There are four patient groups of eight patients of each sex. Each patient group lives in a house or apartment. The diagnoses of the patients range from severe borderline disorders and extreme anxiety to psychotic or schizophrenic patients. The majority of patients had previously received in-patient treatment, about one-fifth of patients had received out-patient treatment only. About 75% take psychotropic drugs at the time of intake. The duration of their stay is 3 years, an extension of up to two years is possible if it appears therapeutically valuable.
Graph 1
The therapeutic community as such rests on four pillars:
1.) Each patient must participate in two different groups. One takes place in the apartment and concerns organizational things of living together, the other one takes place outside, in the office of the counseling center, which offers the institutional, protective umbrella to the “therapeutic community in the community”. This group dynamic group session takes care of the emotional needs of the residents. The interpersonal matrix is perceived and there is a continuous attempt to make unconscious dynamics conscious. A constant visualisation of the position taken by each patient in the living group is carried out. Motivating work is done, conflicts of all kinds, mainly concerning the here and now, between patient and institution or the outside world are discussed, rule breaks are perceived and solved if necessary.

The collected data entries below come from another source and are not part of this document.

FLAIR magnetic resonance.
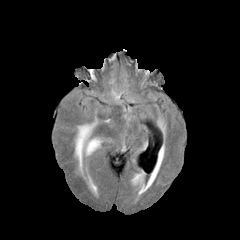
T1-weighted MRI.
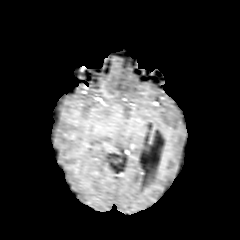
Post-contrast T1-weighted MR.
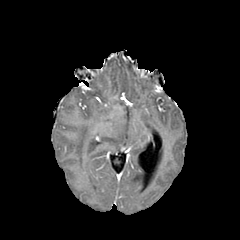
T2-weighted MRI.
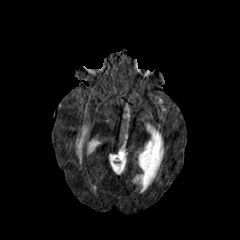
Head
Edema: region(86, 139, 100, 154); region(76, 125, 92, 167).
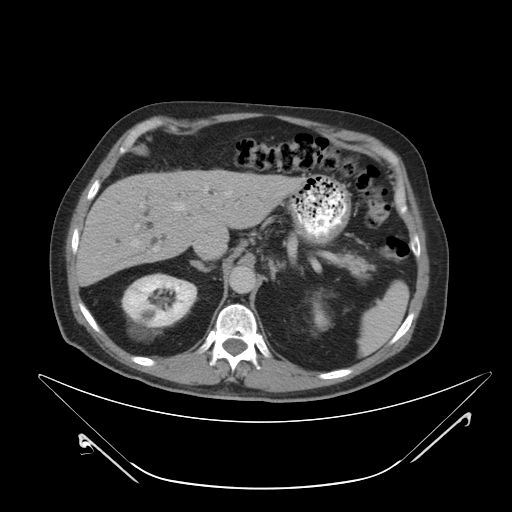
Upper abdomen. CT image.

Findings:
* pancreas: [339, 254, 365, 271]
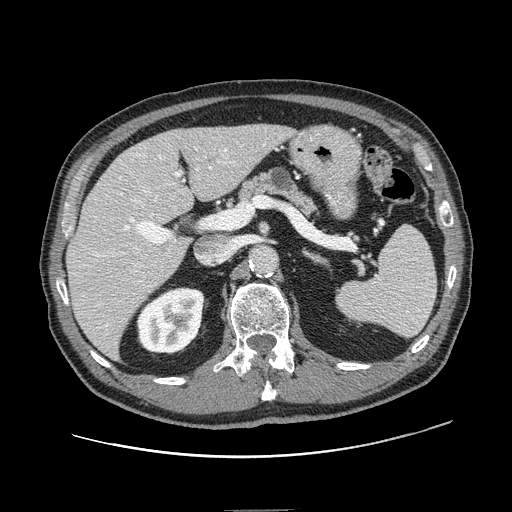

CT image
The pancreatic tumor is located at box=[270, 167, 291, 190]. The pancreas lies within box=[237, 165, 321, 220].
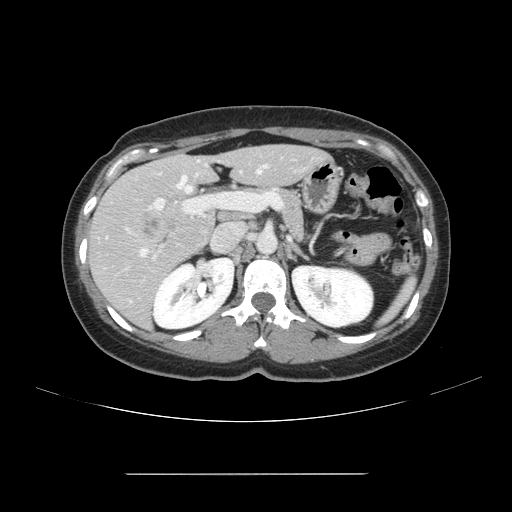

CT; 512x512
Some hepatic vessels may have no box.
{
  "liver_tumor": [
    "bbox=[139, 216, 156, 236]"
  ],
  "hepatic_vessel": [
    "bbox=[140, 249, 147, 255]",
    "bbox=[257, 164, 267, 173]",
    "bbox=[149, 198, 163, 209]",
    "bbox=[177, 176, 191, 192]"
  ]
}
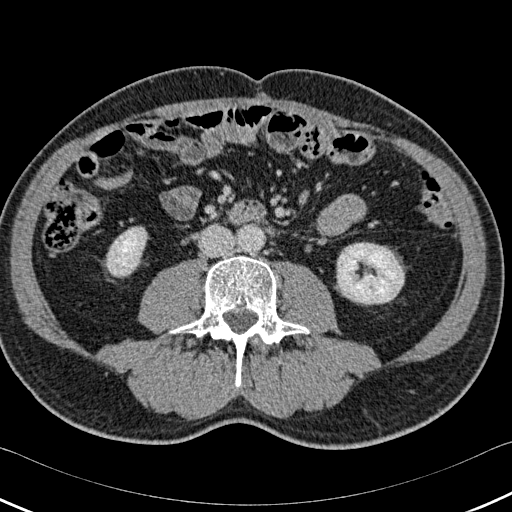
CT scan slice

Bone = (170, 256, 308, 387).
Kidney = (107, 227, 146, 275), (337, 243, 403, 303).
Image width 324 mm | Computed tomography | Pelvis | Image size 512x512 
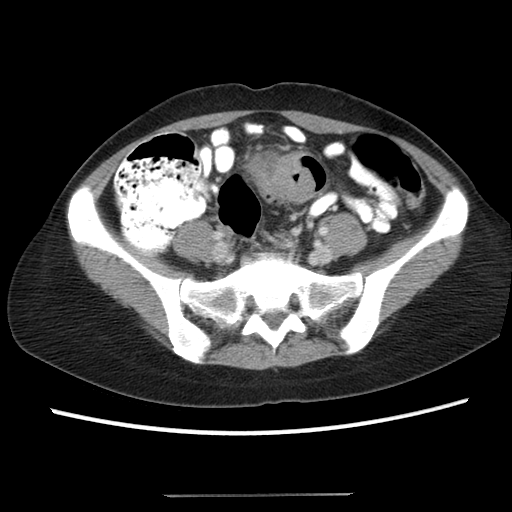 * colon tumor: 249, 151, 314, 201
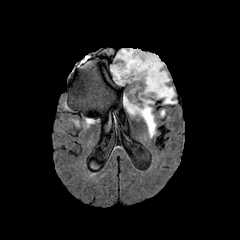
FLAIR MR image.
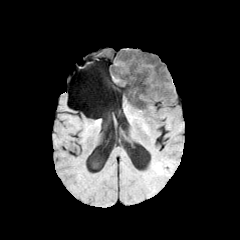
T1-weighted MR image of the same slice.
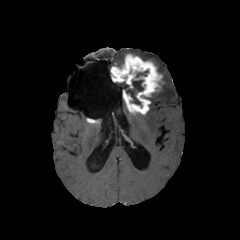
Same slice, post-contrast T1-weighted MRI.
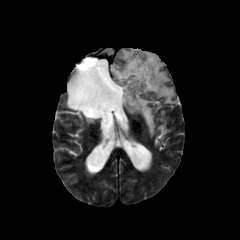
T2-weighted MR.
The enhancing tumor is located at 110:53:161:114. 2 edema regions appear at 126:107:156:136, 114:49:177:104. The non-enhancing tumor core is bounded by 120:80:143:104.
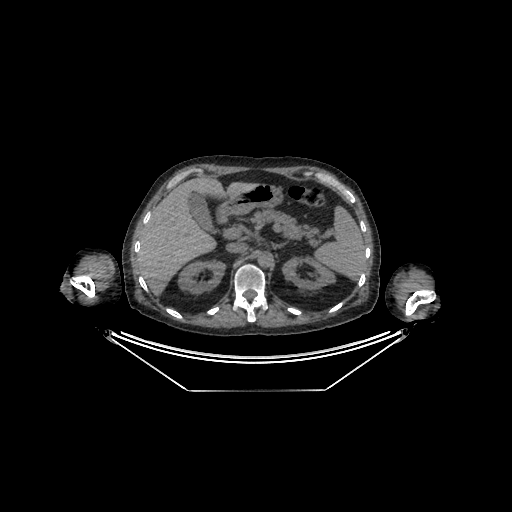

CT image. 512x512.
The liver is located at box=[136, 176, 257, 295]. 2 kidney regions are located at box=[282, 256, 335, 290]; box=[178, 260, 225, 294].
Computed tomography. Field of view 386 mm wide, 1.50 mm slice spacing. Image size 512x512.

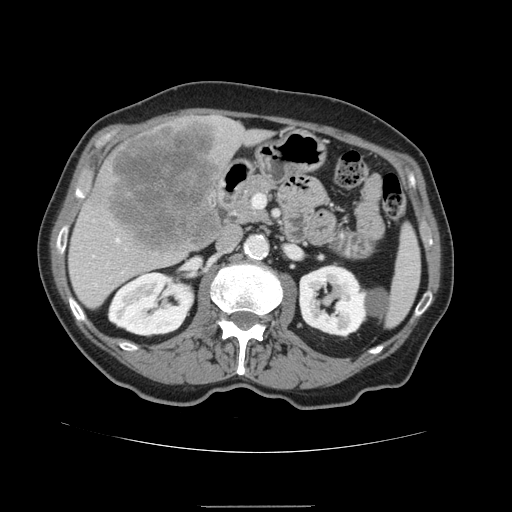

Some hepatic vessels may have no box.
{
  "liver_tumor": [
    "[109, 120, 220, 250]"
  ],
  "hepatic_vessel": [
    "[253, 198, 254, 205]",
    "[117, 238, 119, 241]"
  ]
}
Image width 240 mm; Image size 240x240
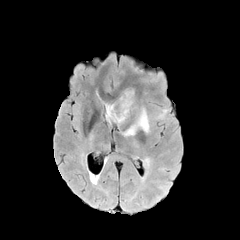
FLAIR magnetic resonance.
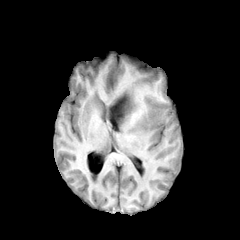
Same slice, T1-weighted magnetic resonance.
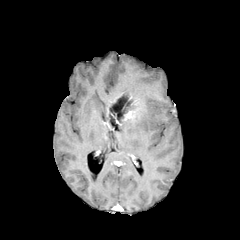
Post-contrast T1-weighted magnetic resonance.
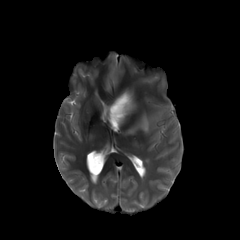
Same slice, T2-weighted MR image.
3 edema regions appear at [x1=104, y1=104, x2=111, y2=120], [x1=124, y1=110, x2=151, y2=135], [x1=156, y1=109, x2=167, y2=119]. The enhancing tumor is bounded by [x1=124, y1=110, x2=132, y2=119]. The non-enhancing tumor core appears at [x1=108, y1=96, x2=131, y2=127].
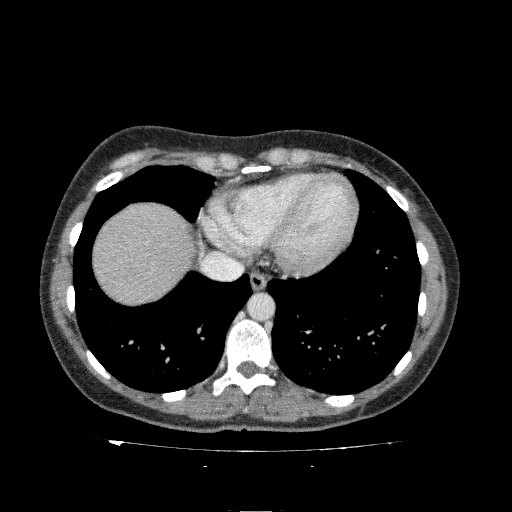 CT scan slice; Abdomen; 512x512 px
<segmentation>
  <liver>[x1=93, y1=203, x2=194, y2=304]</liver>
</segmentation>
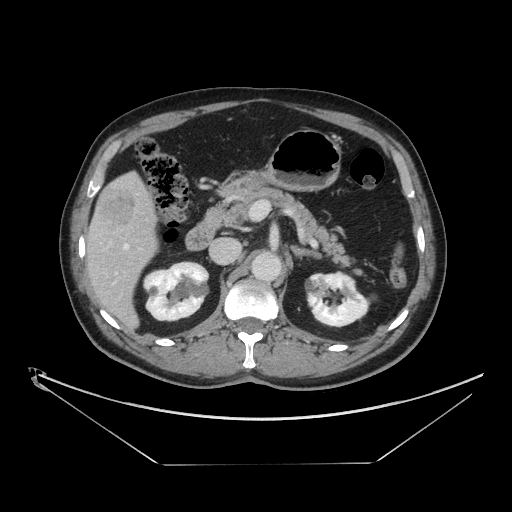 CT image; 512x512 px; Abdomen

The vessel annotation is not exhaustive.
2 hepatic vessel regions appear at box(115, 272, 117, 275); box(124, 245, 128, 248). The liver tumor is located at box(96, 186, 136, 228).
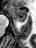

MR image.
Annotated regions:
• anterior hippocampus: 11 7 26 21
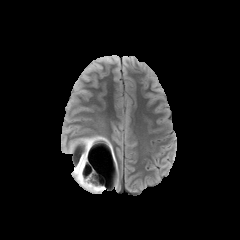
FLAIR MR.
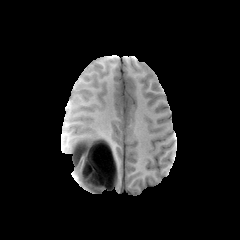
T1-weighted MR.
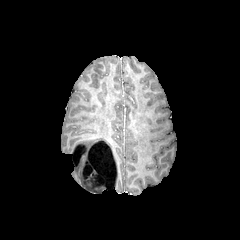
Post-contrast T1-weighted MRI.
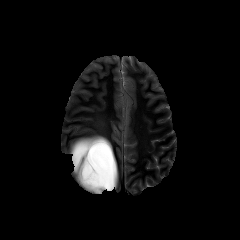
T2-weighted MR image.
240x240 px; Head
non-enhancing tumor core: rect(74, 140, 107, 188) | edema: rect(98, 143, 109, 154); rect(74, 156, 105, 193); rect(70, 136, 105, 161)

2.) Each patient is obliged to follow a daily structure, either in the form of work, training, day clinic, supervised work, etc… At the beginning it is of course a hard task for the social workers to support the patients in finding a daily structure. Experience has shown that this process can take longer than one year and is supported by the so-called application group, which meets three times a week at 8:30 a.m..
3.) Each patient undertakes to undergo individual or group psychotherapy with a therapist according to his or her needs. The condition is that this therapist is willing to work continuously and openly with the staff of the assisted living facility, as is a matter of course in an inpatient setting.
4.) Every two weeks all residential groups, the social workers and the therapeutic staff of the Board participate in a large group, which forms the outer boundary of the therapeutic community within the community.
The residential groups are supervised by social pedagogues and social workers who have group dynamic experience and participate in permanent supervision and who lead the above-mentioned groups. Its main task is to coordinate and integrate the numerous learning and living fields of the patient (the Life Network Group, as defined later) and the separated or fragmented experiences. Another important task is to make transparent how each patient re-stages their fundamental conflicts and support the group in creating an atmosphere of curiosity, compassion and inquiry. By motivating patients to take part in individual or group therapy, the basis for enabling the patient to integrate into society is broadened; whether this means that he is educated, working or sheltered, can enter into couple relationships or later live in a free community.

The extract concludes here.